EXERCISE: Would you repeat the whole listing exactly, pictures excluded?

DATA RECORDS:
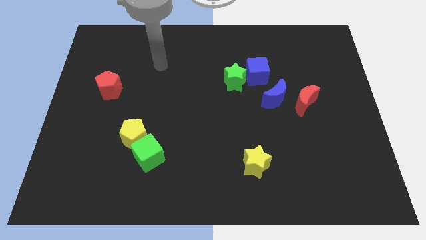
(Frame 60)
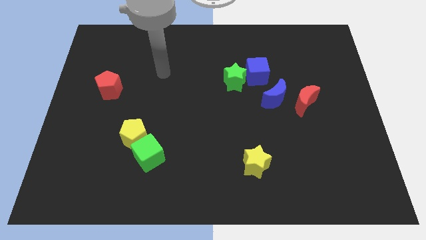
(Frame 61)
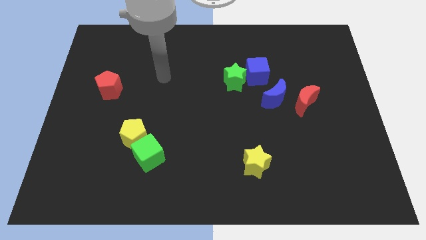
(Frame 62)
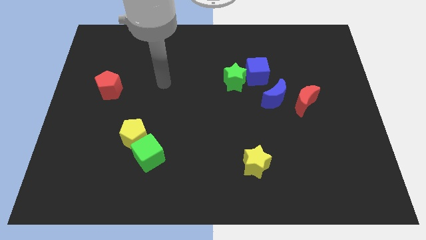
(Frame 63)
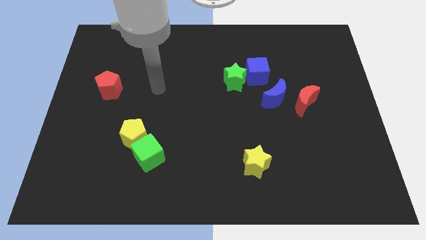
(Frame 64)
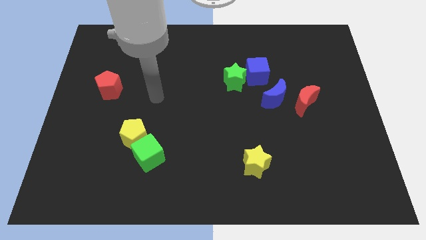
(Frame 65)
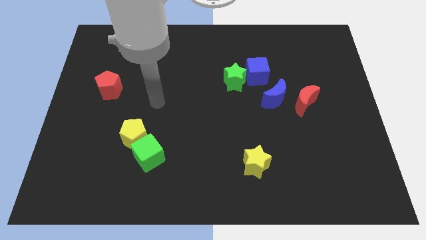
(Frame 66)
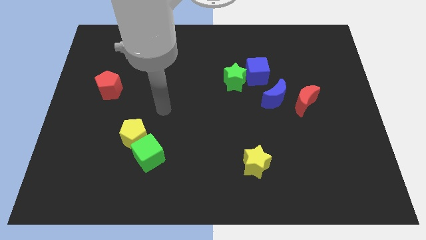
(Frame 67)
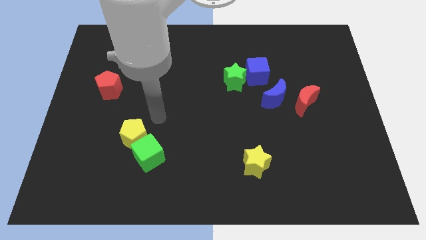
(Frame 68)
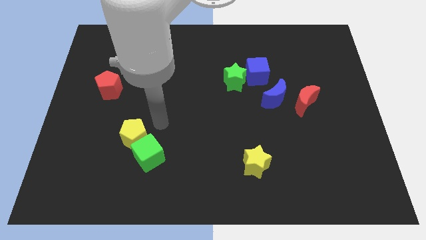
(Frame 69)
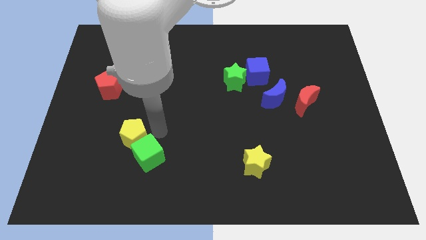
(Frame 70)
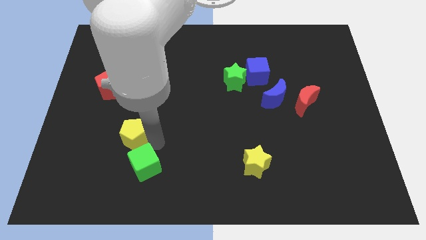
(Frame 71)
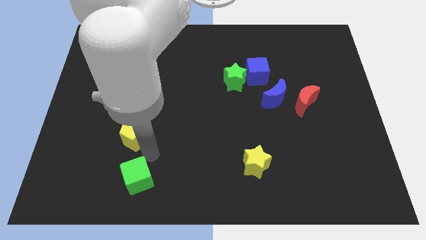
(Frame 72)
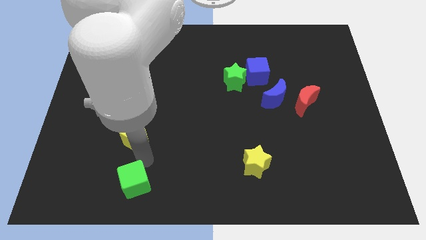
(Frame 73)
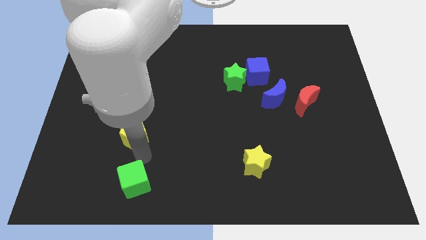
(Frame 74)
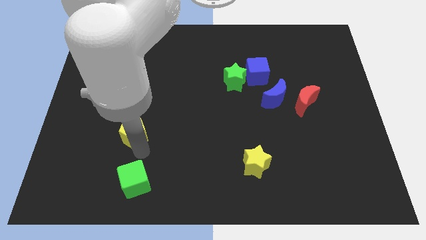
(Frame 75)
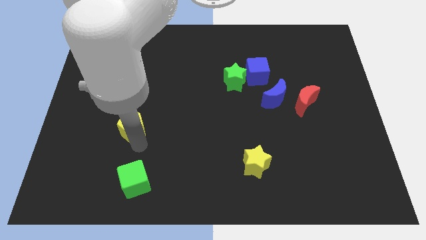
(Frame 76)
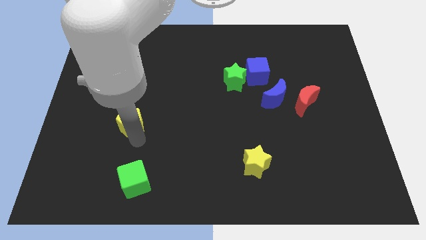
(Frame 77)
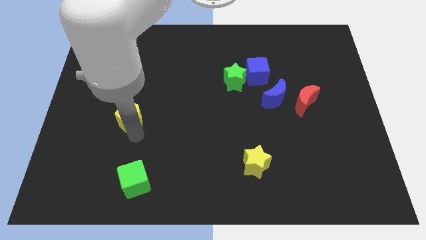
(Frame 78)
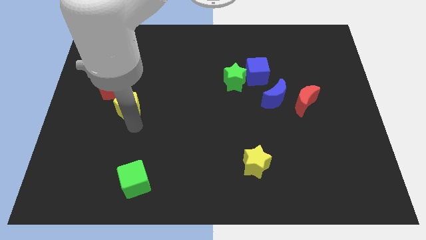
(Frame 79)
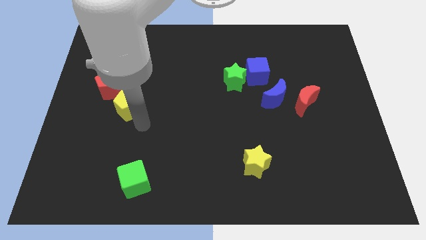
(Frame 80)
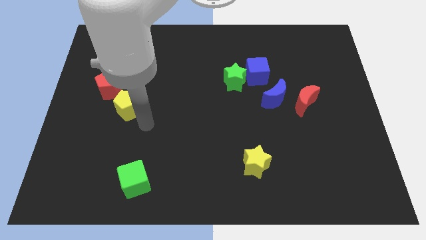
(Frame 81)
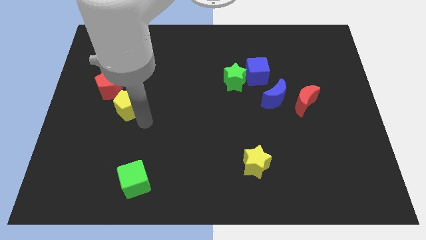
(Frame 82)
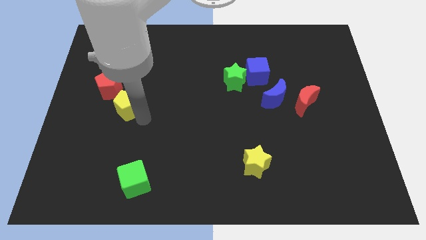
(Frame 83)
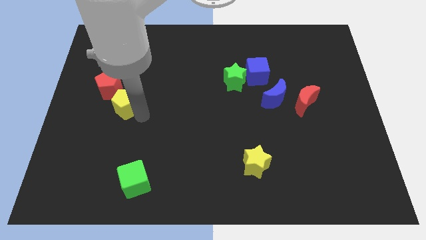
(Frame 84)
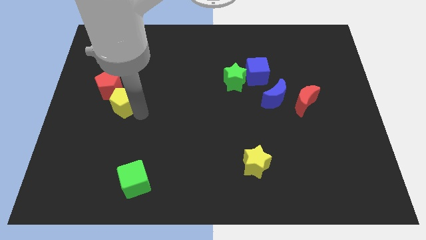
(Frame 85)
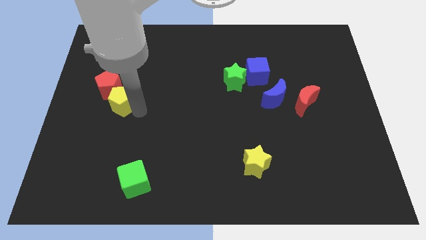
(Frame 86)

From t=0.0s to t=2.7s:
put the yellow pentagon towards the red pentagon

TASK ANSWER:
(Frame 60)
(Frame 61)
(Frame 62)
(Frame 63)
(Frame 64)
(Frame 65)
(Frame 66)
(Frame 67)
(Frame 68)
(Frame 69)
(Frame 70)
(Frame 71)
(Frame 72)
(Frame 73)
(Frame 74)
(Frame 75)
(Frame 76)
(Frame 77)
(Frame 78)
(Frame 79)
(Frame 80)
(Frame 81)
(Frame 82)
(Frame 83)
(Frame 84)
(Frame 85)
(Frame 86)

From t=0.0s to t=2.7s:
put the yellow pentagon towards the red pentagon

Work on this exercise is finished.